To confirm that the compressional component of the magnetic field is small, we need to analyze the fluctuations in the magnetic field and determine whether the component along the background field direction is significantly weaker than the perpendicular components.

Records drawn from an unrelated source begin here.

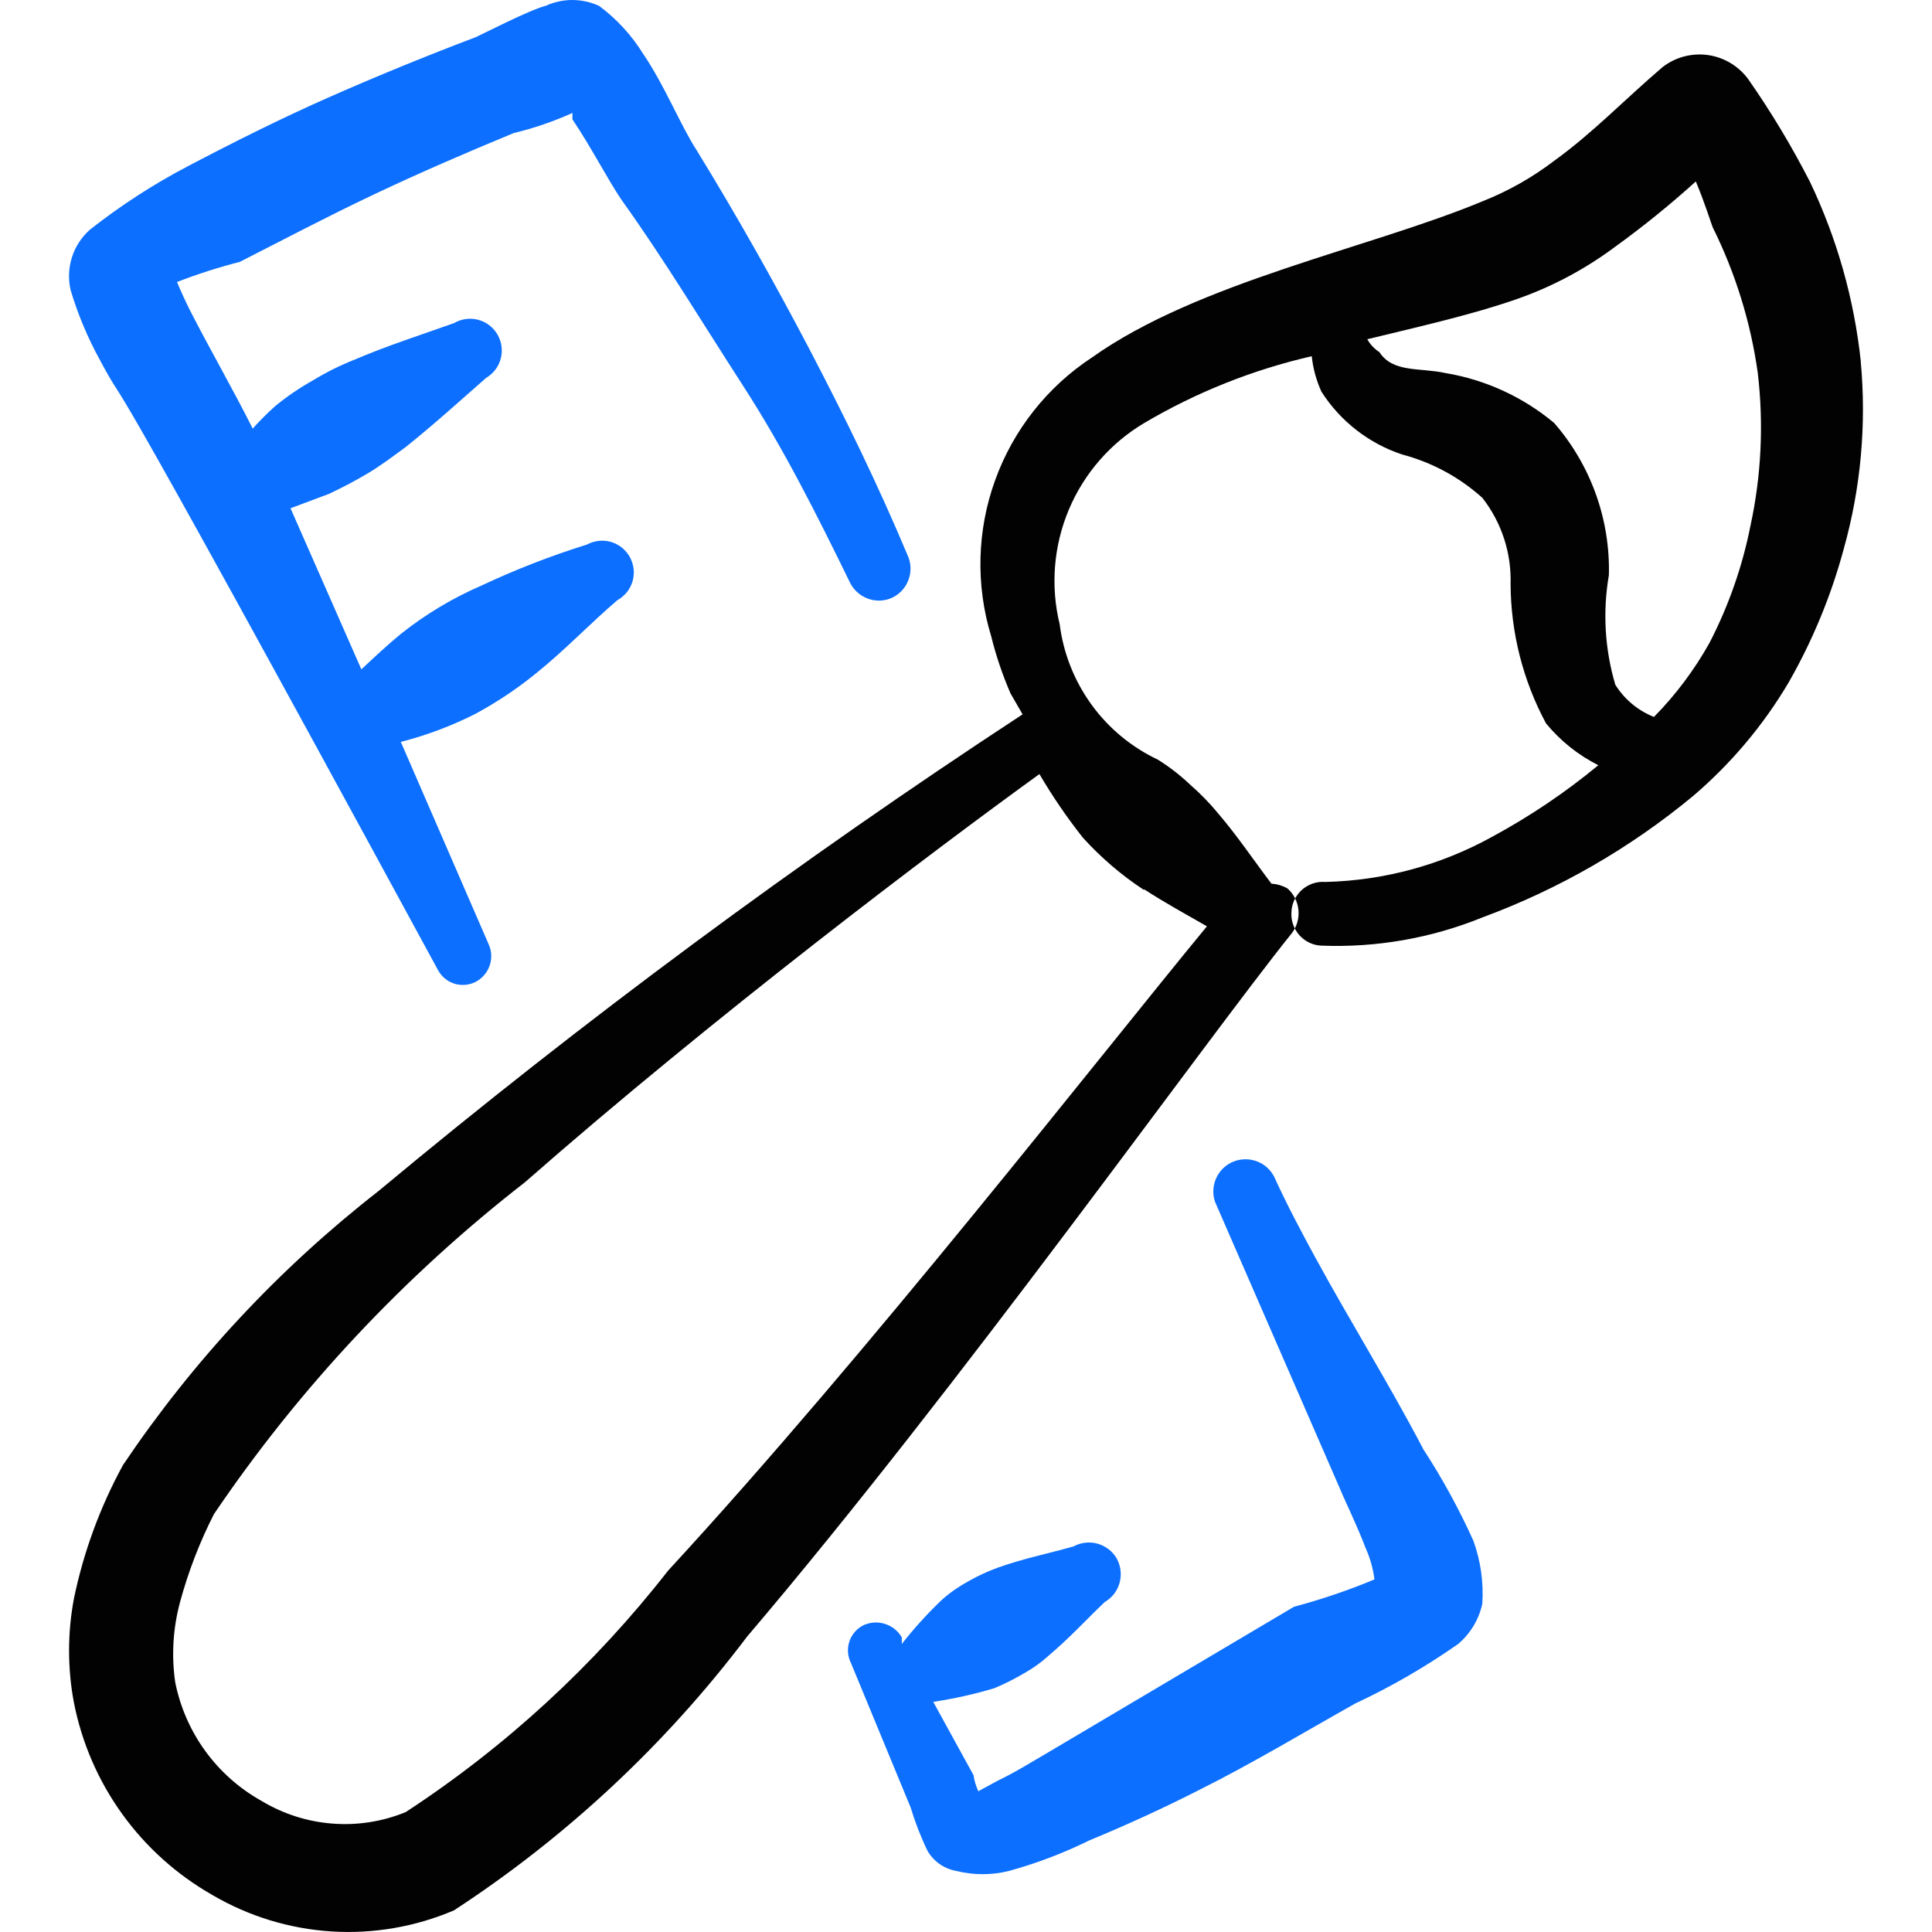 <svg xmlns="http://www.w3.org/2000/svg" fill="none" viewBox="0 0 24 24" id="Design-Tool-Brush-Ruler--Streamline-Freehand">
  <desc>
    Design Tool Brush Ruler Streamline Icon: https://streamlinehq.com
  </desc>
  <path fill="#020202" fill-rule="evenodd" d="M23.116 4.494c-0.082 -0.774 -0.295 -1.528 -0.63 -2.231 -0.227 -0.444 -0.484 -0.872 -0.77 -1.281 -0.059 -0.08 -0.134 -0.148 -0.219 -0.199 -0.086 -0.051 -0.181 -0.085 -0.279 -0.099 -0.099 -0.014 -0.199 -0.008 -0.296 0.017 -0.096 0.025 -0.187 0.07 -0.266 0.13 -0.48 0.41 -0.87 0.82 -1.341 1.16 -0.275 0.211 -0.578 0.383 -0.9 0.51 -1.391 0.58 -3.531 1 -4.852 1.941 -0.554 0.364 -0.976 0.899 -1.201 1.523 -0.226 0.624 -0.243 1.304 -0.049 1.939 0.06 0.243 0.141 0.481 0.24 0.71l0.15 0.26C9.923 10.695 7.251 12.673 4.699 14.798c-1.23 0.959 -2.301 2.107 -3.171 3.401 -0.284 0.52 -0.49 1.08 -0.61 1.661 -0.08 0.426 -0.08 0.864 0 1.29 0.098 0.499 0.302 0.971 0.599 1.383 0.297 0.413 0.68 0.756 1.122 1.008 0.451 0.264 0.957 0.419 1.478 0.452 0.521 0.033 1.043 -0.057 1.523 -0.262 1.401 -0.915 2.633 -2.066 3.641 -3.401 2.631 -3.091 5.702 -7.413 6.763 -8.733 0.065 -0.082 0.095 -0.186 0.086 -0.29 -0.009 -0.104 -0.058 -0.201 -0.136 -0.27 -0.061 -0.035 -0.13 -0.055 -0.2 -0.06 -0.22 -0.29 -0.42 -0.59 -0.66 -0.87 -0.106 -0.13 -0.224 -0.25 -0.35 -0.36 -0.123 -0.117 -0.257 -0.221 -0.4 -0.31 -0.328 -0.155 -0.612 -0.39 -0.825 -0.684 -0.213 -0.294 -0.349 -0.636 -0.395 -0.997 -0.116 -0.474 -0.076 -0.973 0.113 -1.424 0.189 -0.45 0.518 -0.828 0.937 -1.077 0.647 -0.382 1.349 -0.662 2.081 -0.83 0.016 0.152 0.057 0.301 0.12 0.44 0.234 0.367 0.587 0.642 1 0.78 0.372 0.098 0.715 0.283 1 0.54 0.238 0.305 0.362 0.684 0.35 1.07 0.003 0.604 0.154 1.199 0.44 1.731 0.178 0.217 0.4 0.394 0.65 0.52 -0.41 0.339 -0.853 0.637 -1.321 0.89 -0.635 0.351 -1.345 0.543 -2.071 0.56 -0.052 -0.004 -0.104 0.002 -0.154 0.019s-0.095 0.043 -0.134 0.077c-0.039 0.035 -0.071 0.077 -0.094 0.124 -0.023 0.047 -0.036 0.098 -0.038 0.15 -0.004 0.052 0.002 0.104 0.019 0.154 0.017 0.05 0.043 0.095 0.077 0.135 0.035 0.039 0.076 0.071 0.124 0.094 0.047 0.023 0.098 0.036 0.15 0.038 0.684 0.027 1.366 -0.092 2.001 -0.35 0.953 -0.352 1.839 -0.863 2.621 -1.511 0.467 -0.399 0.866 -0.872 1.18 -1.401 0.301 -0.525 0.533 -1.086 0.69 -1.671 0.211 -0.754 0.282 -1.541 0.21 -2.321Zm-8.903 6.553c0.26 0.17 0.52 0.31 0.78 0.46 -1.321 1.601 -4.202 5.302 -6.693 8.003 -0.915 1.173 -2.016 2.187 -3.261 3.001 -0.289 0.118 -0.601 0.167 -0.912 0.142 -0.311 -0.024 -0.612 -0.121 -0.879 -0.282 -0.274 -0.153 -0.512 -0.364 -0.697 -0.618 -0.185 -0.254 -0.312 -0.545 -0.374 -0.853 -0.049 -0.334 -0.028 -0.675 0.06 -1 0.102 -0.377 0.243 -0.742 0.42 -1.09 1.062 -1.569 2.366 -2.959 3.862 -4.122 2.361 -2.071 5.092 -4.132 6.393 -5.072 0.162 0.276 0.342 0.54 0.54 0.79 0.225 0.248 0.48 0.467 0.76 0.65v-0.01Zm7.533 -4.522c-0.1 0.509 -0.272 1 -0.51 1.461 -0.188 0.336 -0.42 0.646 -0.69 0.92 -0.199 -0.079 -0.367 -0.219 -0.48 -0.4 -0.131 -0.441 -0.158 -0.907 -0.08 -1.361 0.018 -0.693 -0.225 -1.368 -0.68 -1.891 -0.387 -0.323 -0.853 -0.537 -1.351 -0.62 -0.32 -0.07 -0.65 0 -0.82 -0.26 -0.062 -0.04 -0.114 -0.095 -0.15 -0.16 0.66 -0.16 1.321 -0.31 1.861 -0.5 0.438 -0.153 0.849 -0.373 1.22 -0.65 0.348 -0.252 0.682 -0.522 1 -0.81 0.11 0.26 0.2 0.55 0.21 0.57 0.283 0.57 0.472 1.181 0.56 1.811 0.074 0.631 0.044 1.27 -0.09 1.891Z" clip-rule="evenodd" stroke-width="1"></path>
  <path fill="#0c6fff" fill-rule="evenodd" d="M1.247 4.484c0.46 0.85 -0.46 -1 4.192 7.563 0.043 0.082 0.116 0.144 0.204 0.172 0.088 0.028 0.184 0.02 0.266 -0.022 0.082 -0.043 0.144 -0.116 0.174 -0.203 0.03 -0.087 0.025 -0.183 -0.014 -0.267L4.979 9.216c0.322 -0.082 0.634 -0.2 0.93 -0.35 0.269 -0.146 0.524 -0.316 0.76 -0.51 0.36 -0.29 0.66 -0.61 1 -0.9 0.045 -0.025 0.085 -0.059 0.118 -0.099 0.032 -0.04 0.056 -0.087 0.071 -0.136 0.014 -0.05 0.019 -0.102 0.013 -0.153 -0.006 -0.051 -0.022 -0.101 -0.046 -0.147 -0.025 -0.045 -0.059 -0.085 -0.099 -0.118 -0.04 -0.032 -0.087 -0.056 -0.136 -0.071 -0.05 -0.014 -0.102 -0.019 -0.153 -0.013 -0.051 0.006 -0.101 0.022 -0.147 0.046 -0.448 0.14 -0.886 0.31 -1.311 0.51 -0.358 0.155 -0.695 0.357 -1 0.6 -0.17 0.14 -0.33 0.29 -0.49 0.44l-0.88 -2.001 0.48 -0.18c0.17 -0.08 0.34 -0.17 0.49 -0.26 0.15 -0.09 0.31 -0.21 0.46 -0.32 0.35 -0.28 0.67 -0.57 1 -0.86 0.09 -0.053 0.156 -0.14 0.182 -0.241 0.026 -0.101 0.011 -0.209 -0.042 -0.299 -0.053 -0.09 -0.14 -0.156 -0.241 -0.182 -0.101 -0.026 -0.209 -0.011 -0.299 0.042 -0.42 0.15 -0.83 0.28 -1.25 0.46 -0.173 0.069 -0.341 0.153 -0.5 0.25 -0.166 0.093 -0.323 0.2 -0.47 0.32 -0.098 0.088 -0.192 0.182 -0.28 0.28 -0.24 -0.48 -0.54 -1 -0.78 -1.471 -0.06 -0.12 -0.11 -0.23 -0.16 -0.35 0.255 -0.099 0.516 -0.182 0.78 -0.25 0.53 -0.27 1.1 -0.57 1.671 -0.84 0.57 -0.27 1.15 -0.52 1.731 -0.76 0.251 -0.06 0.495 -0.144 0.73 -0.25v0.08c0.23 0.34 0.44 0.75 0.61 1 0.53 0.74 1 1.521 1.511 2.311 0.51 0.79 0.92 1.611 1.321 2.431 0.022 0.048 0.052 0.091 0.091 0.127 0.038 0.036 0.084 0.064 0.133 0.083 0.049 0.019 0.102 0.027 0.154 0.026 0.053 -0.002 0.104 -0.014 0.152 -0.036 0.095 -0.045 0.169 -0.127 0.204 -0.226 0.036 -0.099 0.031 -0.209 -0.014 -0.304 -0.36 -0.86 -0.78 -1.721 -1.22 -2.561 -0.44 -0.84 -0.91 -1.671 -1.401 -2.471 -0.19 -0.29 -0.4 -0.81 -0.66 -1.19 -0.144 -0.233 -0.33 -0.437 -0.55 -0.6C7.336 0.025 7.223 0 7.109 0c-0.114 0 -0.227 0.025 -0.33 0.072 -0.2 0.05 -0.8 0.36 -0.87 0.39C5.299 0.693 4.688 0.943 4.098 1.203c-0.59 0.26 -1.19 0.56 -1.761 0.86 -0.43 0.225 -0.839 0.49 -1.22 0.79 -0.104 0.092 -0.181 0.21 -0.223 0.342 -0.042 0.132 -0.048 0.273 -0.017 0.408 0.091 0.306 0.216 0.601 0.37 0.88Z" clip-rule="evenodd" stroke-width="1"></path>
  <path fill="#0c6fff" fill-rule="evenodd" d="M17.674 17.989c-0.42 -0.8 -0.9 -1.571 -1.331 -2.361 -0.18 -0.33 -0.36 -0.67 -0.51 -1 -0.044 -0.092 -0.121 -0.164 -0.216 -0.2 -0.095 -0.037 -0.201 -0.036 -0.295 0.002 -0.095 0.038 -0.171 0.111 -0.213 0.204 -0.043 0.092 -0.048 0.198 -0.016 0.294l1.551 3.562c0.07 0.17 0.21 0.45 0.32 0.74 0.056 0.124 0.093 0.255 0.11 0.39 -0.325 0.136 -0.66 0.249 -1 0.34l-3.091 1.831c-0.14 0.08 -0.36 0.22 -0.59 0.33l-0.24 0.13c-0.029 -0.064 -0.05 -0.131 -0.06 -0.2l-0.5 -0.91c0.257 -0.039 0.511 -0.095 0.76 -0.17 0.124 -0.052 0.244 -0.112 0.36 -0.18 0.115 -0.064 0.223 -0.141 0.32 -0.23 0.25 -0.21 0.45 -0.43 0.69 -0.66 0.091 -0.052 0.157 -0.138 0.185 -0.239 0.028 -0.101 0.015 -0.209 -0.035 -0.301 -0.052 -0.091 -0.139 -0.157 -0.239 -0.185 -0.101 -0.028 -0.209 -0.015 -0.301 0.035 -0.32 0.09 -0.62 0.15 -0.93 0.26 -0.128 0.046 -0.252 0.103 -0.37 0.17 -0.118 0.064 -0.229 0.141 -0.33 0.23 -0.18 0.171 -0.347 0.355 -0.5 0.55v-0.08c-0.046 -0.081 -0.122 -0.141 -0.211 -0.169 -0.089 -0.028 -0.185 -0.021 -0.27 0.019 -0.082 0.043 -0.144 0.116 -0.172 0.204 -0.028 0.088 -0.02 0.184 0.022 0.266l0.74 1.791c0.056 0.185 0.126 0.366 0.21 0.54 0.038 0.065 0.09 0.122 0.152 0.165 0.062 0.043 0.133 0.072 0.208 0.085 0.213 0.053 0.437 0.053 0.65 0 0.345 -0.095 0.68 -0.222 1 -0.38 0.46 -0.19 0.92 -0.4 1.371 -0.63 0.66 -0.33 1.29 -0.71 1.931 -1.07 0.448 -0.209 0.876 -0.457 1.28 -0.74 0.152 -0.129 0.258 -0.305 0.3 -0.5 0.017 -0.265 -0.02 -0.53 -0.11 -0.78 -0.18 -0.399 -0.391 -0.784 -0.63 -1.15Z" clip-rule="evenodd" stroke-width="1"></path>
</svg>

fac_matrix_make and rotate could be easily implemented in few lines. Note that we implement only the array version (corresponding to one timestamp), and the matrix version could be freely got using Julia broadcast operators which also align with dimensions.
function fac_matrix_make(
vec::AbstractVector;
xref=[1.0, 0.0, 0.0]
)
z0 = normalize(vec)
y0 = normalize(cross(z0, xref))
x0 = cross(y0, z0)
return vcat(x0', y0', z0')
end
function rotate(da, mat)
da = da[DimSelectors(mats)]
da_rot = mats .* eachrow(da.data)
TS(dims(da, Ti), dims(da, 2), hcat(da_rot...)')
endda = tha_fgs_gse
# smooth the data
mat_da = smooth(da, 601)
# make the rotation matrix from the smoothed data
mats = fac_matrix_make.(eachslice(mat_da, dims=Ti))
# rotate original data
da_fac = rotate(da, mats)
tplot([da, da_fac])
- Make dynamic power spectra of the radial and azimuthal components. Which of the two components dominates? This determines if the FLR is poloidal or toroidal. (You may use wavelet transform instead of FFT to construct the dynamic power spectrum, if you prefer and can easily do so as in IDL SPEDAS). Report on your plots with explanations. Show all your code in addition to your plots, with comments included for clarification.
da_x = da_fac[:, 1]
da_x = rectify_datetime(da_x)
res_x = pspectrum(da_x, spec1)
plot_tfr(res_x)
da_y = da_fac[:, 2]
da_y = rectify_datetime(da_y)
res_y = pspectrum(da_y, spec1)
plot_tfr(res_y)
We can see that the power spectrum of the y (azimuthal) component is much higher than the power spectrum of the x (radial) component. This indicates that the FLR is likely to be toroidal.